Data shown:
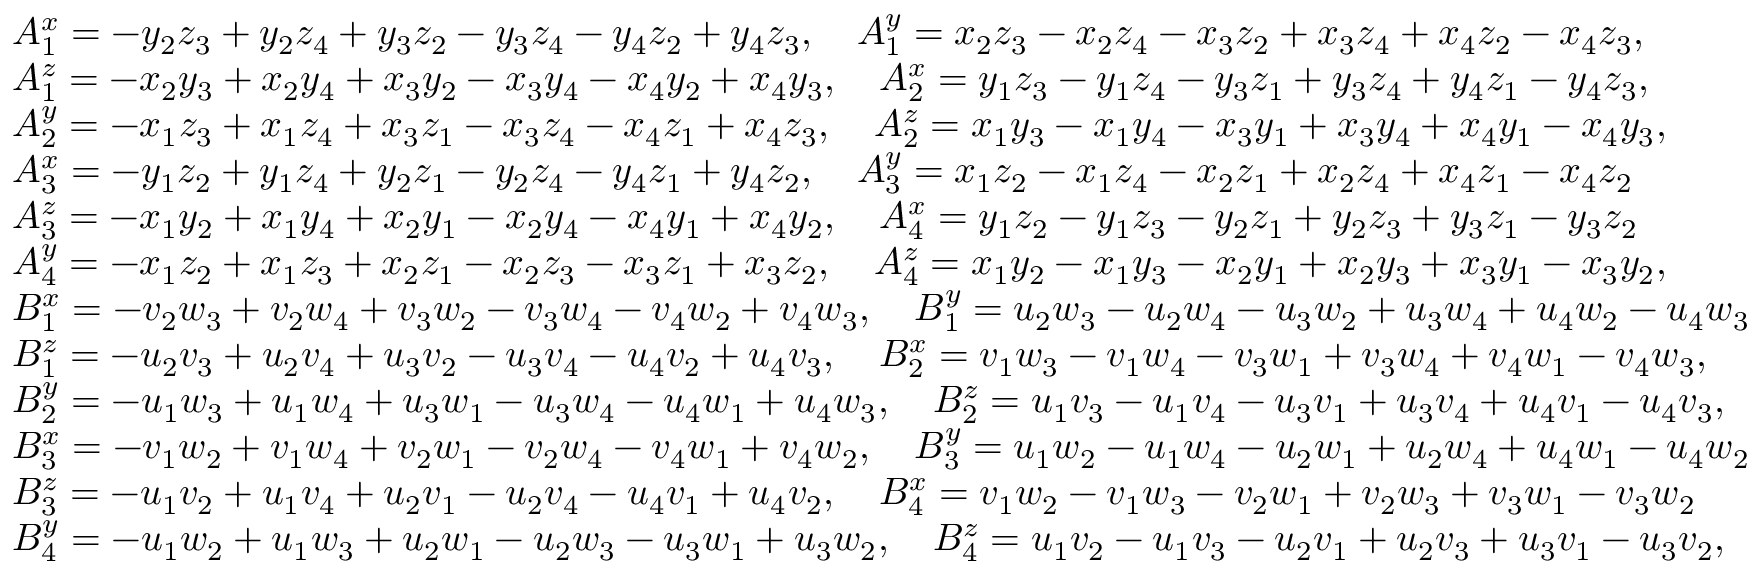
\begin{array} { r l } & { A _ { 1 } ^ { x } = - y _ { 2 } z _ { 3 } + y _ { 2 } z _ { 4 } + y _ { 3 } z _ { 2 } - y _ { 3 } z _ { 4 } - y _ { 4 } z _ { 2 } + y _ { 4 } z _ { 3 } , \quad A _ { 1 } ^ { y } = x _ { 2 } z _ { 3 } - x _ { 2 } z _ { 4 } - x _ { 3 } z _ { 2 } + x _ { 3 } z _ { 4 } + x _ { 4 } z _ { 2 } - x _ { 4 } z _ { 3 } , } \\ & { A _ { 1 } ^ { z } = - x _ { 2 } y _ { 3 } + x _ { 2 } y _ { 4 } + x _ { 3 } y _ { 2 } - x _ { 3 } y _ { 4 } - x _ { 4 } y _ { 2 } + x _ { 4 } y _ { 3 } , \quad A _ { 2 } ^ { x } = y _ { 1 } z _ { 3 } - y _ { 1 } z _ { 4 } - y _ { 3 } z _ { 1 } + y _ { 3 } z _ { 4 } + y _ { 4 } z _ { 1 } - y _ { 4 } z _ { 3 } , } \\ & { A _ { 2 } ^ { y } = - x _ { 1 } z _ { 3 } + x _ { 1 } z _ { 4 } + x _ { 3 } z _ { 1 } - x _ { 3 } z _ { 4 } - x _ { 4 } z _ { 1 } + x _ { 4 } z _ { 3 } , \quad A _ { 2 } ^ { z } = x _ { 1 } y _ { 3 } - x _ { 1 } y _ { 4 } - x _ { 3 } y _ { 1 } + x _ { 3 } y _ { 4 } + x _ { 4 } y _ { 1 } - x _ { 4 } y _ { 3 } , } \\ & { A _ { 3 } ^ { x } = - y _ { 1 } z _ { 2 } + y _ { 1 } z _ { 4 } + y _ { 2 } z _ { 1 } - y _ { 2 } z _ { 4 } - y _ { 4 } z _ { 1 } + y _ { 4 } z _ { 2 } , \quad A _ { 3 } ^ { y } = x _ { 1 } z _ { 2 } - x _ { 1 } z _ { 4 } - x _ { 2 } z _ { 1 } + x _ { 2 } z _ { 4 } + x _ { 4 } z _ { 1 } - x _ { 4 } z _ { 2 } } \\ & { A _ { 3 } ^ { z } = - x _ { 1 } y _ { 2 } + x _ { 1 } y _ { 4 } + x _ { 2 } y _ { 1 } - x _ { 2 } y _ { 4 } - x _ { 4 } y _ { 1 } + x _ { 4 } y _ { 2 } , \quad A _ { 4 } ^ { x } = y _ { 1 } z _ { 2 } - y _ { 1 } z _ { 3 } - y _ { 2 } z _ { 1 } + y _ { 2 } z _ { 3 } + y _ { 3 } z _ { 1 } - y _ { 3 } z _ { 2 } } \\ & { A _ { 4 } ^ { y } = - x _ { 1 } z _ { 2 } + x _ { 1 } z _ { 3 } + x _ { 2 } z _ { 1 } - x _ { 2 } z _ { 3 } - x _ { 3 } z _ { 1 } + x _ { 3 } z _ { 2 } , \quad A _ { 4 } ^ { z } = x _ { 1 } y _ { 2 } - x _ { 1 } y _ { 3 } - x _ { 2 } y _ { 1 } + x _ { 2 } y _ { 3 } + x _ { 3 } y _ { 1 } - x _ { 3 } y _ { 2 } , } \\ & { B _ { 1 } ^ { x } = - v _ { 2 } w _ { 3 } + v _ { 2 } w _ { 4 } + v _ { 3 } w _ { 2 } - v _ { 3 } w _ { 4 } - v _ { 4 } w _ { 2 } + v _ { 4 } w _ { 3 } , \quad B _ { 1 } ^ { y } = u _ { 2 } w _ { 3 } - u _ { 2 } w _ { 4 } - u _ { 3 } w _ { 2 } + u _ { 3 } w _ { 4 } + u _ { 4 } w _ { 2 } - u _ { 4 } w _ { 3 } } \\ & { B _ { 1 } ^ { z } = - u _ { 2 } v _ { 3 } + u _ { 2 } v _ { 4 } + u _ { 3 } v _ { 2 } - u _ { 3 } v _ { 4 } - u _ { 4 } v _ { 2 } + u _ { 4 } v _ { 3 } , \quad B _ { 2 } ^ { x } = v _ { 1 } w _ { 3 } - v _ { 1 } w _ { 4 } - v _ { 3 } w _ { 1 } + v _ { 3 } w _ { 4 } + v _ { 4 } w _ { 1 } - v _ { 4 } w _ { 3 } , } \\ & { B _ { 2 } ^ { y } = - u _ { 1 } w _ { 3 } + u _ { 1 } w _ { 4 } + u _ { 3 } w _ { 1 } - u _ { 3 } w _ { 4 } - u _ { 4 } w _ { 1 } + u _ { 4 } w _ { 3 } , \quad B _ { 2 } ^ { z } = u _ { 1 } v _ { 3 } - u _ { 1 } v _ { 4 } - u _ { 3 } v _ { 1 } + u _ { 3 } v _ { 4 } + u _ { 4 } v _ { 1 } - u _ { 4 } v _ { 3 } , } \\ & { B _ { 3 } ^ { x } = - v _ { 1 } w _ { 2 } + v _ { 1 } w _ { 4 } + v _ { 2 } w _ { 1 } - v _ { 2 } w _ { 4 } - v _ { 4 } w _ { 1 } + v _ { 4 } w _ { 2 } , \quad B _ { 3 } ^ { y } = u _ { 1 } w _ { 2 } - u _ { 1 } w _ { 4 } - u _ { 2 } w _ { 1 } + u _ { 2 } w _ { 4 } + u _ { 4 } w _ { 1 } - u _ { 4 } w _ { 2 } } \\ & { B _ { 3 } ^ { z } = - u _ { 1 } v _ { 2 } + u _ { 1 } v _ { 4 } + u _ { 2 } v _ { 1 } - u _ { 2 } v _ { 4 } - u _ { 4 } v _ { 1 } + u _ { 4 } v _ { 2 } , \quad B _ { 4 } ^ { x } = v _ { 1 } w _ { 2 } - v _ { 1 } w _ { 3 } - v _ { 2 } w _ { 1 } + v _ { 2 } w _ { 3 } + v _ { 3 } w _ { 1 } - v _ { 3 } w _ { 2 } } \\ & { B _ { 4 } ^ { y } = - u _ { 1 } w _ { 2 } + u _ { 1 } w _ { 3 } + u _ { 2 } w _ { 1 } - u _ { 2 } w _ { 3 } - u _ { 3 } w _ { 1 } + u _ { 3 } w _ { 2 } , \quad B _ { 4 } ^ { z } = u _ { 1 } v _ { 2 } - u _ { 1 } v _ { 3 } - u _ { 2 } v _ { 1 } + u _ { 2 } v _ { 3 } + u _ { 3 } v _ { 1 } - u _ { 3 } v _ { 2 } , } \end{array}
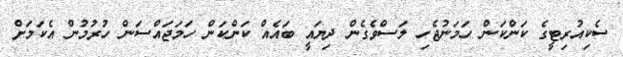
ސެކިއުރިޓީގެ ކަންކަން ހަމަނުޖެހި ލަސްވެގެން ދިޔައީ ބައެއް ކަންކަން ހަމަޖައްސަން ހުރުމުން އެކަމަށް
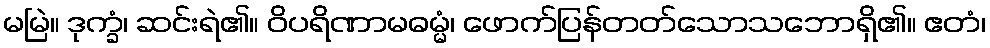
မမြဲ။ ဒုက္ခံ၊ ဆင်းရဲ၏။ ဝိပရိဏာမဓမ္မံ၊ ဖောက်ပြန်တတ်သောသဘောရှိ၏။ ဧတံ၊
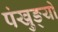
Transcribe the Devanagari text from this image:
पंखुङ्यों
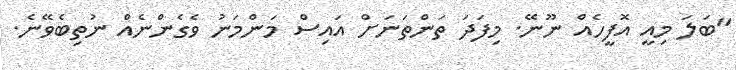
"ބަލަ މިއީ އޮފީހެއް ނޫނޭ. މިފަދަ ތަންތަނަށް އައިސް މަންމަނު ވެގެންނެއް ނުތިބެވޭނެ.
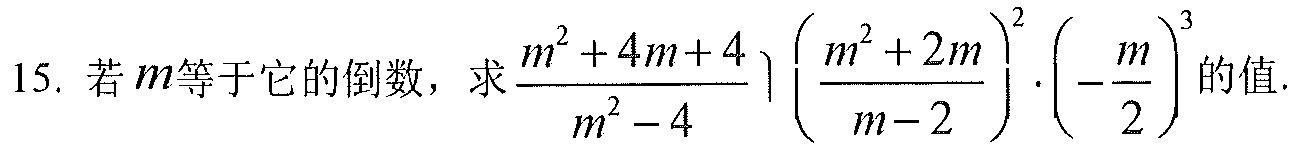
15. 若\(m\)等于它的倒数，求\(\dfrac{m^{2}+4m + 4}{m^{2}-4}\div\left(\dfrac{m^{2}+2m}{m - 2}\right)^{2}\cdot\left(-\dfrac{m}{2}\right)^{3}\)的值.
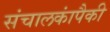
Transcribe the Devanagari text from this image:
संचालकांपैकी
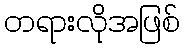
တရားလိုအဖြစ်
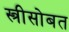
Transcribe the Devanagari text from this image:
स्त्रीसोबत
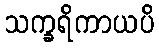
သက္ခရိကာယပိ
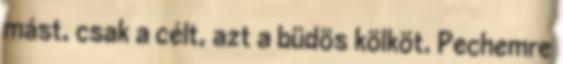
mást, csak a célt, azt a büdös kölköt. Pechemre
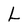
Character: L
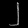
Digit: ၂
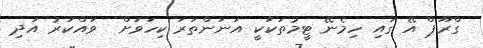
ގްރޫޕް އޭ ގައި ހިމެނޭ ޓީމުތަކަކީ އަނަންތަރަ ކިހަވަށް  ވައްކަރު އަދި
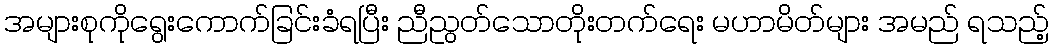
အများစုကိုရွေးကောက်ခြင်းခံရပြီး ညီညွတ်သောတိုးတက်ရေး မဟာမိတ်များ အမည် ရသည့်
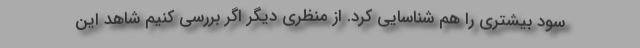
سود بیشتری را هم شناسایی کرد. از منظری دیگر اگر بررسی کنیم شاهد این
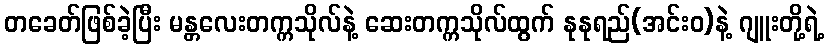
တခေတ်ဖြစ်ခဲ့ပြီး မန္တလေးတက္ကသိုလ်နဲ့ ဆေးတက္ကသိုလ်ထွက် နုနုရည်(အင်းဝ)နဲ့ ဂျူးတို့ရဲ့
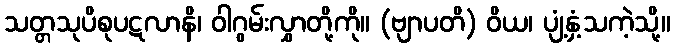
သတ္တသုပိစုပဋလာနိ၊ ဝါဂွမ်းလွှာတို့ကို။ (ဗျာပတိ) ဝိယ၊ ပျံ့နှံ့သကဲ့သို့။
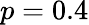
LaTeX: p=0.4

About this task:
Print only the lines running from the line that contains "တရားလိုအဖြစ်" to the final line of the listing, both included. Omit every picture.

Written solution:
တရားလိုအဖြစ်
Transcribe the Devanagari text from this image:
स्त्रीसोबत
သက္ခရိကာယပိ
mást, csak a célt, azt a büdös kölköt. Pechemre
Character: L
Digit: ၂
ގްރޫޕް އޭ ގައި ހިމެނޭ ޓީމުތަކަކީ އަނަންތަރަ ކިހަވަށް  ވައްކަރު އަދި
အများစုကိုရွေးကောက်ခြင်းခံရပြီး ညီညွတ်သောတိုးတက်ရေး မဟာမိတ်များ အမည် ရသည့်
سود بیشتری را هم شناسایی کرد. از منظری دیگر اگر بررسی کنیم شاهد این
တခေတ်ဖြစ်ခဲ့ပြီး မန္တလေးတက္ကသိုလ်နဲ့ ဆေးတက္ကသိုလ်ထွက် နုနုရည်(အင်းဝ)နဲ့ ဂျူးတို့ရဲ့
သတ္တသုပိစုပဋလာနိ၊ ဝါဂွမ်းလွှာတို့ကို။ (ဗျာပတိ) ဝိယ၊ ပျံ့နှံ့သကဲ့သို့။
LaTeX: p=0.4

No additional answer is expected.